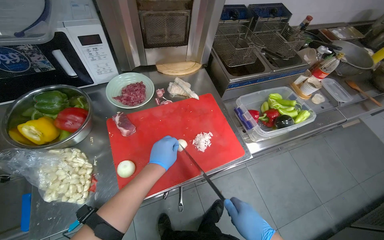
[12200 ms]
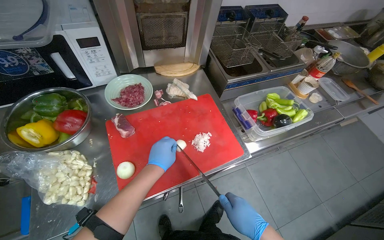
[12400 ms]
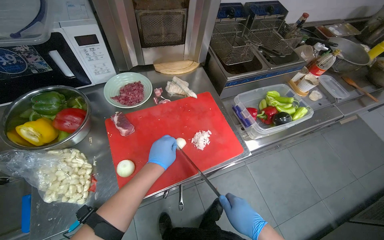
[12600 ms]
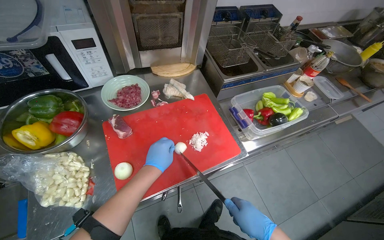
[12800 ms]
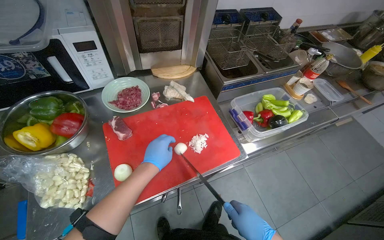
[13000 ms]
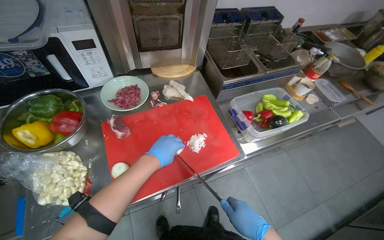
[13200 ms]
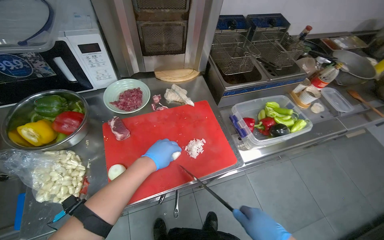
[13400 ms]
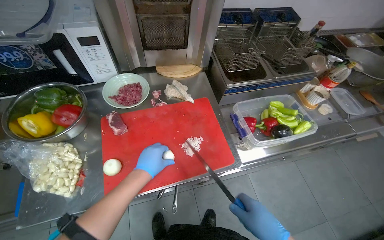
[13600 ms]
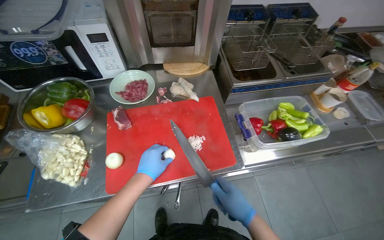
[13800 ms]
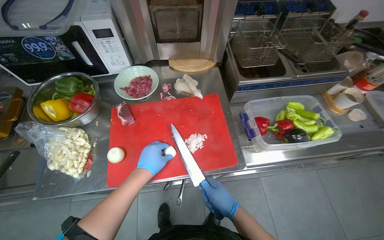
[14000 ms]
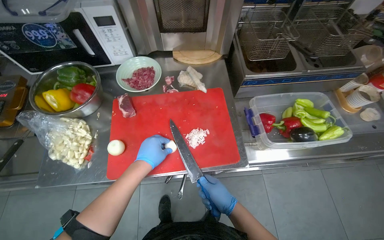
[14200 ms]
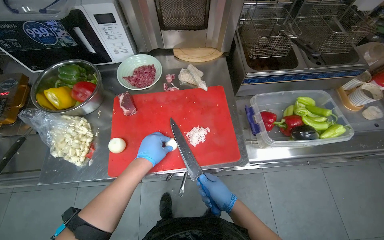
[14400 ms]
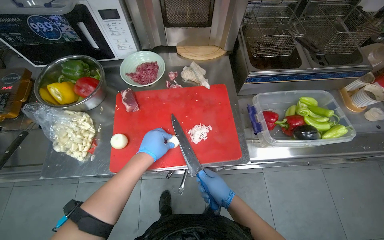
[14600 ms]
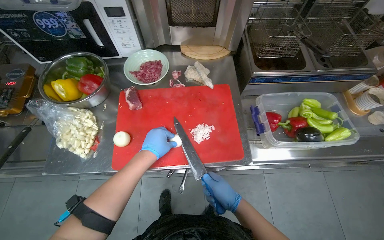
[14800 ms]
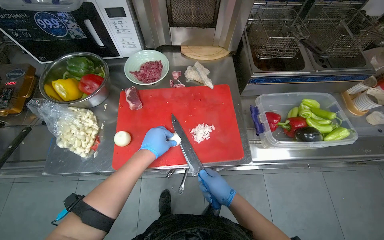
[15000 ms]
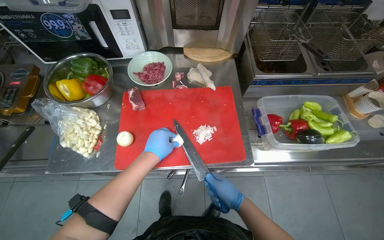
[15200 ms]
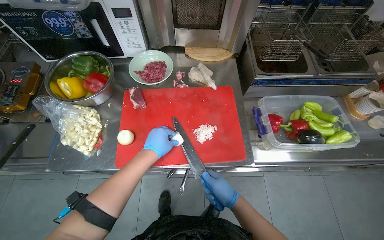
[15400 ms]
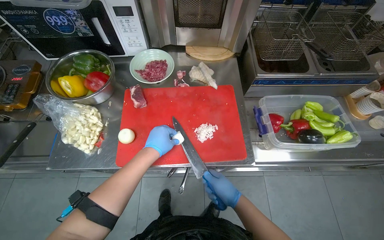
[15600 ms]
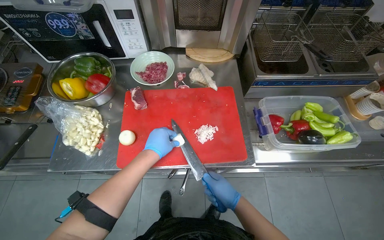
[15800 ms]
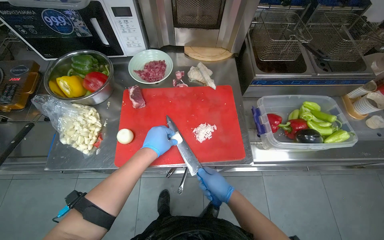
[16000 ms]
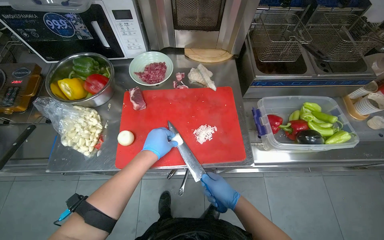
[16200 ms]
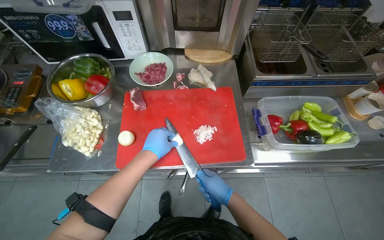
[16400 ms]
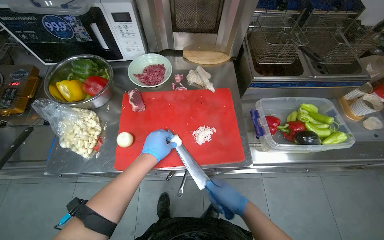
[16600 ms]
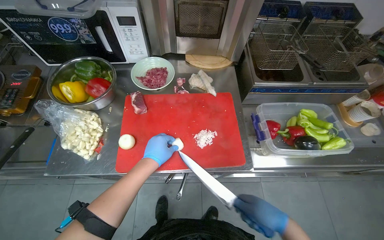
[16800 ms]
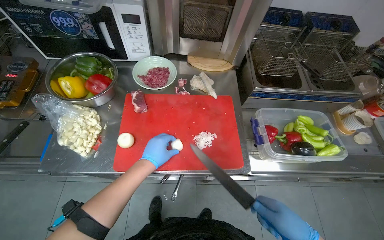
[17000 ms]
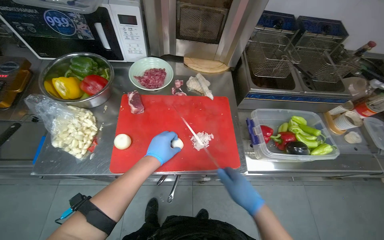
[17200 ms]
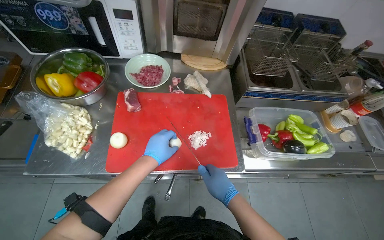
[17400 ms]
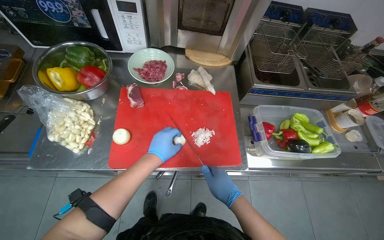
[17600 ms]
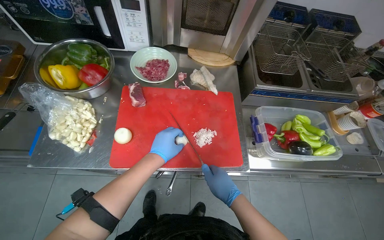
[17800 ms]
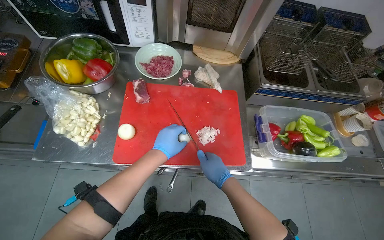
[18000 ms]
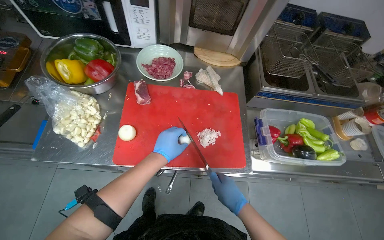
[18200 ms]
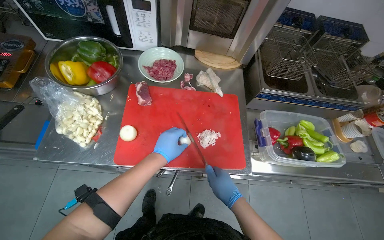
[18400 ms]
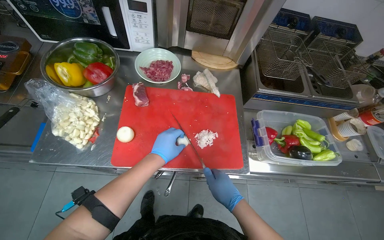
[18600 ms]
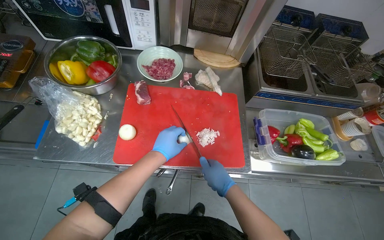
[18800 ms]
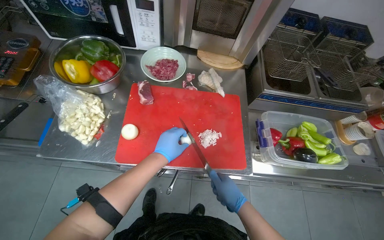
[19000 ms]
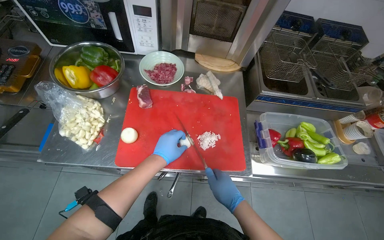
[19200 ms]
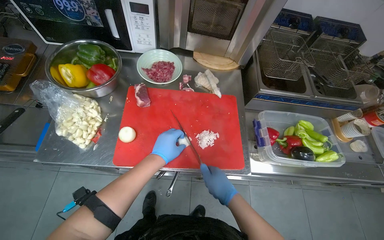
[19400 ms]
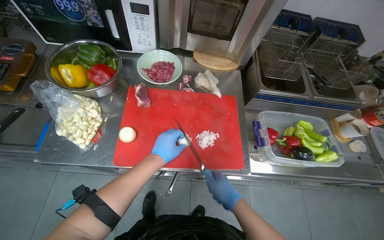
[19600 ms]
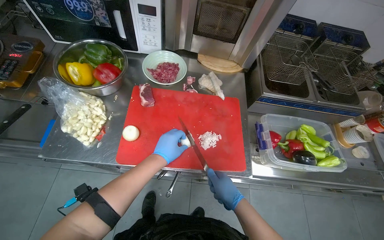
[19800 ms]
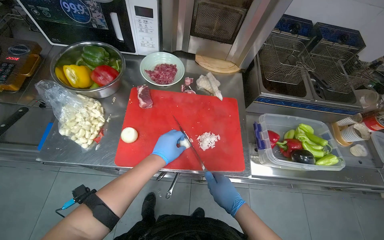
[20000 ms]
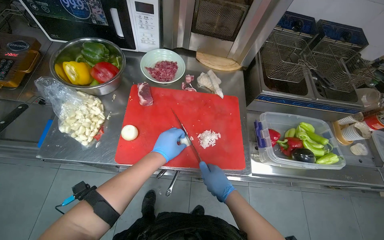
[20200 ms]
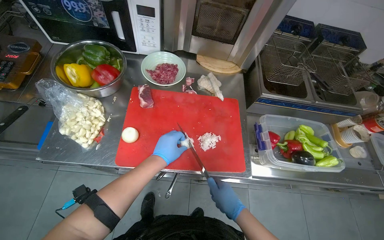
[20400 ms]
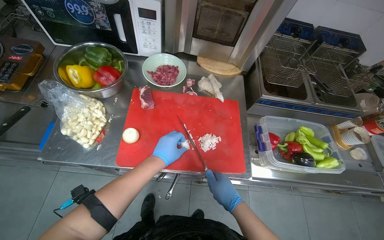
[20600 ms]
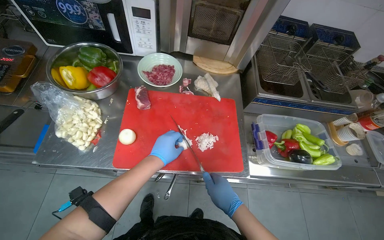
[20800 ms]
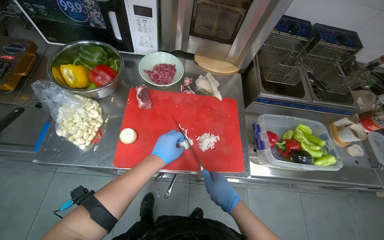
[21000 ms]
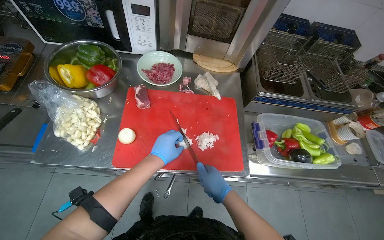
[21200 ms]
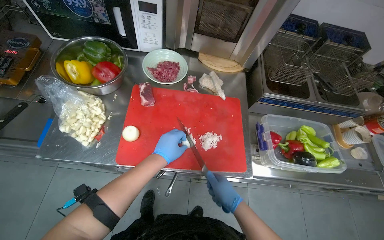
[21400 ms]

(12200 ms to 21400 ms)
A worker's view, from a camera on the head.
Job: preparing food.
The whole recording: Chopping onions on cutting board. The worker chops onions into small pieces on a red cutting board.
13800 ms - 15200 ms: The right hand goes approximately 10 cm farther from the camera.
15200 ms - 16800 ms: The right hand heads nearer to the camera, covering roughly 10 cm.
16800 ms - 18400 ms: The right hand heads to the left, covering some 10 cm.
18400 ms - 21400 ms: The hands are busy where they are.

☆ ☆ ☆ ☆ ☆ ☆ ☆

▸ WHAT YOU ARE ASKED TO DO
Pictures within the entries must not be reproduced; everything else is to be restated verbatim.

▸ ANSWER TO THE PROBLEM
[12200 ms]
[12400 ms]
[12600 ms]
[12800 ms]
[13000 ms]
[13200 ms]
[13400 ms]
[13600 ms]
[13800 ms]
[14000 ms]
[14200 ms]
[14400 ms]
[14600 ms]
[14800 ms]
[15000 ms]
[15200 ms]
[15400 ms]
[15600 ms]
[15800 ms]
[16000 ms]
[16200 ms]
[16400 ms]
[16600 ms]
[16800 ms]
[17000 ms]
[17200 ms]
[17400 ms]
[17600 ms]
[17800 ms]
[18000 ms]
[18200 ms]
[18400 ms]
[18600 ms]
[18800 ms]
[19000 ms]
[19200 ms]
[19400 ms]
[19600 ms]
[19800 ms]
[20000 ms]
[20200 ms]
[20400 ms]
[20600 ms]
[20800 ms]
[21000 ms]
[21200 ms]
[21400 ms]

(12200 ms to 21400 ms)
A worker's view, from a camera on the head.
Job: preparing food.
The whole recording: Chopping onions on cutting board. The worker chops onions into small pieces on a red cutting board.
13800 ms - 15200 ms: The right hand goes approximately 10 cm farther from the camera.
15200 ms - 16800 ms: The right hand heads nearer to the camera, covering roughly 10 cm.
16800 ms - 18400 ms: The right hand heads to the left, covering some 10 cm.
18400 ms - 21400 ms: The hands are busy where they are.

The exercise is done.